Grono features an oceanic climate (Köppen: Cfb), closely bordering on a humid continental climate (Köppen: Dfb) with hot, humid summers and cold, somewhat dry but quite snowy winters.

The nationwide record temperature of 41.5 °C was registered in Grono during the 2003 European heat wave on 11 August 2003. In comparison, the coldest temperature ever measured in Switzerland was -41.8 C in La Brévine.

Between 1991 and 2020 Grono had an average of 99.7 days of rain per year and on average received 1317 mm of precipitation.

The wettest month was August during which time Grono received an average of 164 mm of precipitation over 10.6 days.

The driest month of the year was February with an average of 49 mm of precipitation over 4.6 days.

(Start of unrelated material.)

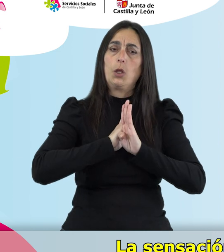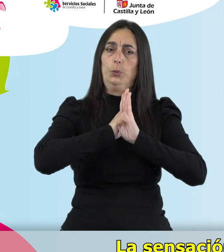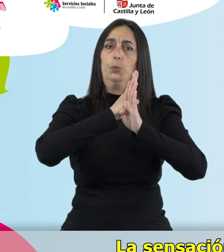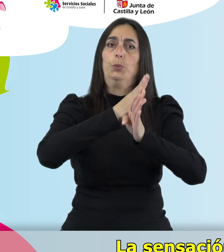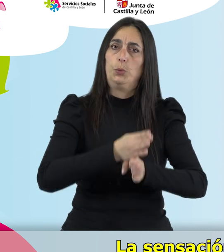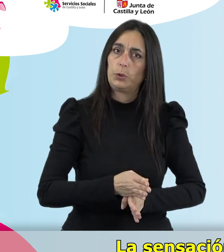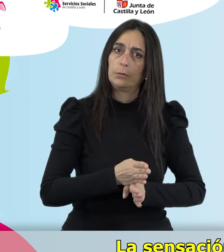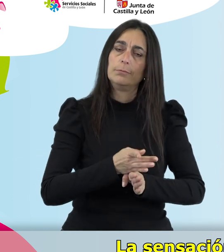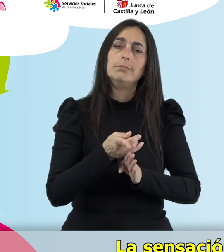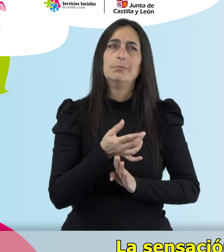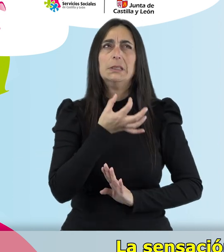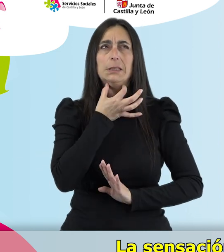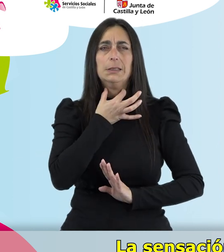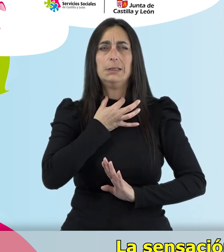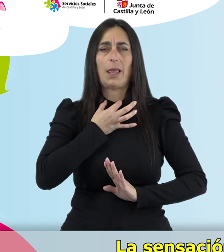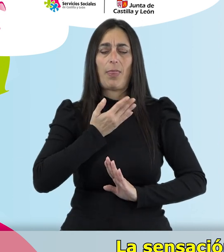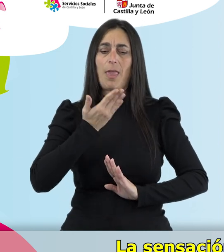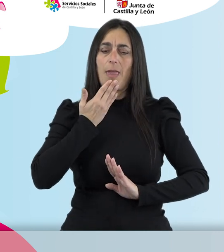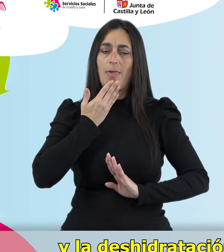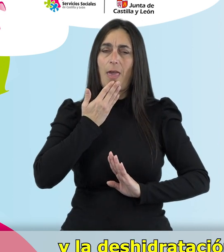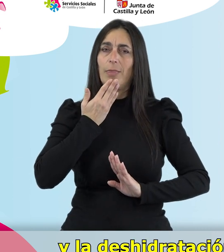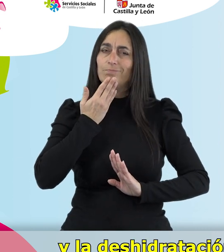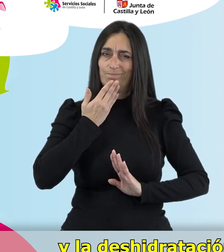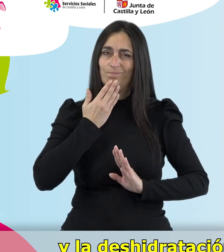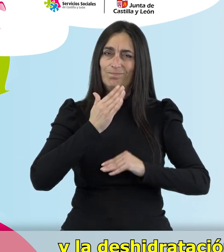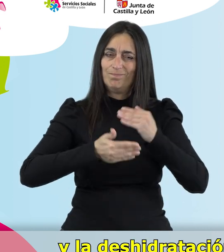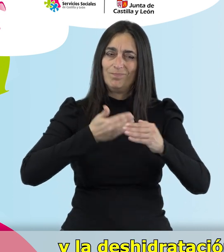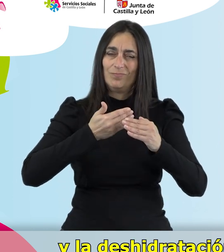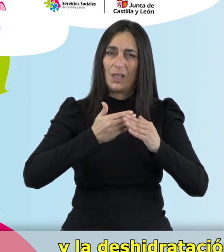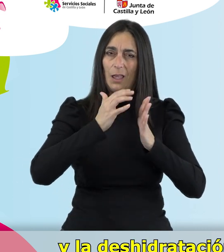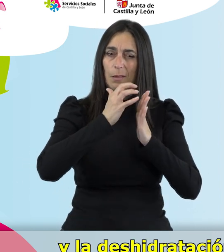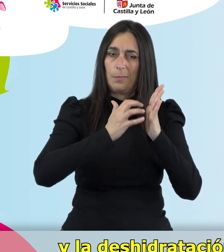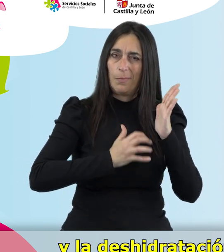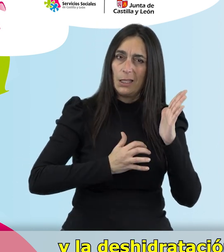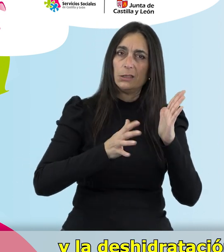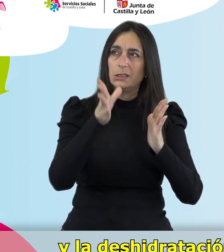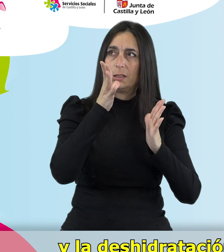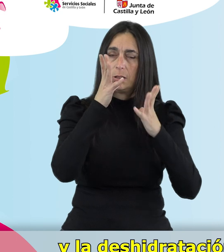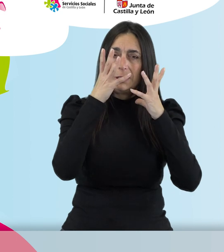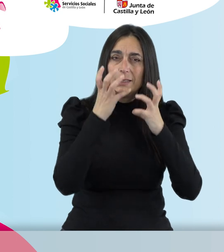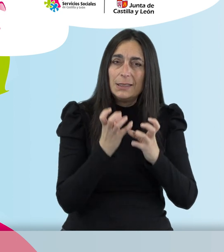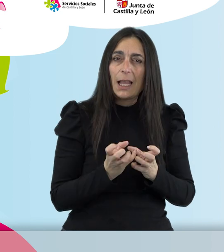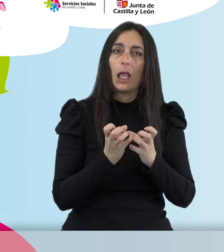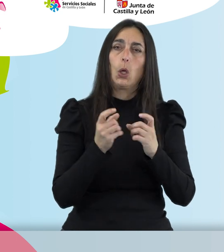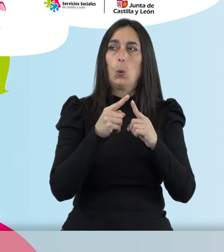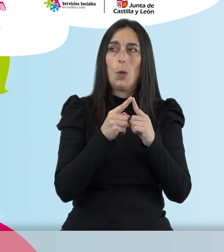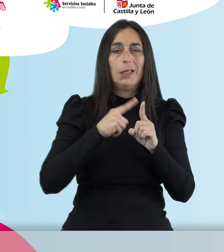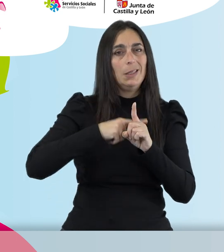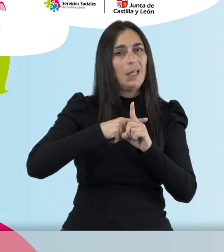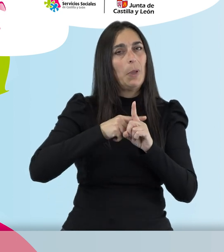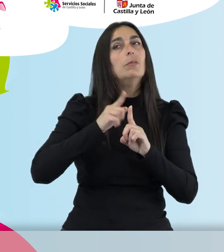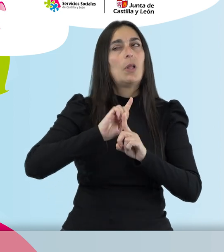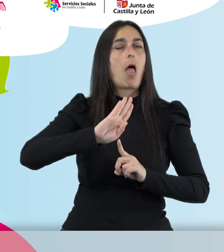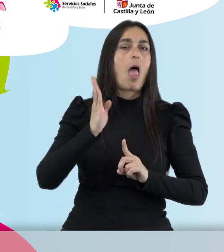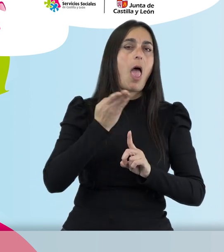La sensación de sed disminuye con la edad y la deshidratación y resistencia a las temperaturas extremas incide

Climate data for Grono, elevation 324 m (1,063 ft), (1991–2020)
| Month | Jan | Feb | Mar | Apr | May | Jun | Jul | Aug | Sep | Oct | Nov | Dec | Year |
| Mean daily maximum °C (°F) | 6.0 (42.8) | 8.8 (47.8) | 14.0 (57.2) | 17.6 (63.7) | 21.2 (70.2) | 25.2 (77.4) | 27.5 (81.5) | 26.8 (80.2) | 22.0 (71.6) | 16.7 (62.1) | 10.6 (51.1) | 6.1 (43.0) | 16.9 (62.4) |
| Daily mean °C (°F) | 0.8 (33.4) | 2.8 (37.0) | 7.3 (45.1) | 11.0 (51.8) | 14.8 (58.6) | 18.5 (65.3) | 20.4 (68.7) | 19.9 (67.8) | 15.6 (60.1) | 11.0 (51.8) | 5.7 (42.3) | 1.2 (34.2) | 10.8 (51.4) |
| Mean daily minimum °C (°F) | −2.5 (27.5) | −1.4 (29.5) | 2.1 (35.8) | 5.3 (41.5) | 9.2 (48.6) | 13.0 (55.4) | 14.7 (58.5) | 14.7 (58.5) | 11.1 (52.0) | 7.1 (44.8) | 2.3 (36.1) | −1.9 (28.6) | 6.1 (43.0) |
| Average precipitation mm (inches) | 58.0 (2.28) | 48.9 (1.93) | 62.4 (2.46) | 106.4 (4.19) | 142.3 (5.60) | 154.4 (6.08) | 144.8 (5.70) | 163.6 (6.44) | 137.7 (5.42) | 134.1 (5.28) | 147.3 (5.80) | 71.1 (2.80) | 1,371 (53.98) |
| Average snowfall cm (inches) | 24.5 (9.6) | 10.4 (4.1) | 5.0 (2.0) | 0.7 (0.3) | 0.0 (0.0) | 0.0 (0.0) | 0.0 (0.0) | 0.0 (0.0) | 0.0 (0.0) | 0.4 (0.2) | 3.7 (1.5) | 19.0 (7.5) | 63.7 (25.1) |
| Average precipitation days (≥ 1.0 mm) | 5.4 | 4.6 | 5.9 | 8.7 | 12.1 | 10.8 | 9.8 | 10.6 | 8.5 | 8.5 | 8.8 | 6.0 | 99.7 |
| Average snowy days (≥ 1.0 cm) | 2.3 | 2.0 | 0.8 | 0.2 | 0.0 | 0.0 | 0.0 | 0.0 | 0.0 | 0.1 | 0.7 | 2.2 | 8.3 |
| Average relative humidity (%) | 72 | 65 | 61 | 64 | 71 | 72 | 71 | 74 | 77 | 82 | 78 | 75 | 72 |
Source 1: NOAA
Source 2: MeteoSwiss (snow 1981–2010)

==Economy==
Grono is an industrial-tertiary municipality, a municipality where agriculture and manufacturing play a minor role in the economy. As of In 2014 2014, there were a total of 825 people employed in the municipality. Of these, a total of 6 people worked in 5 businesses in the primary economic sector. The secondary sector employed 343 workers in 35 separate businesses. A minority (21.3%) of the secondary sector employees worked in very small businesses. There were 7 small businesses with a total of 214 employees and one mid-sized business with a total of 56 employees. Finally, the tertiary sector provided 476 jobs in 131 businesses. There were two mid-sized businesses with a total of 137 employees. In 2014 a total of 2.% of the population received social assistance.

==Politics==
In the 2015 federal election the most popular party was the SVP with 41.0% of the vote. The next three most popular parties were the SP (21.5%), the CVP (18.7%) and the FDP (10.3%). In the federal election, a total of 212 votes were cast, and the voter turnout was 35.7%. The 2015 election saw a large change in the voting when compared to 2011. The percentage that the CVP received dropped from 29.2% to 18.7%, while the percentage of the vote received by the SVP increased sharply from 22.2% in 2011 to 41.0%.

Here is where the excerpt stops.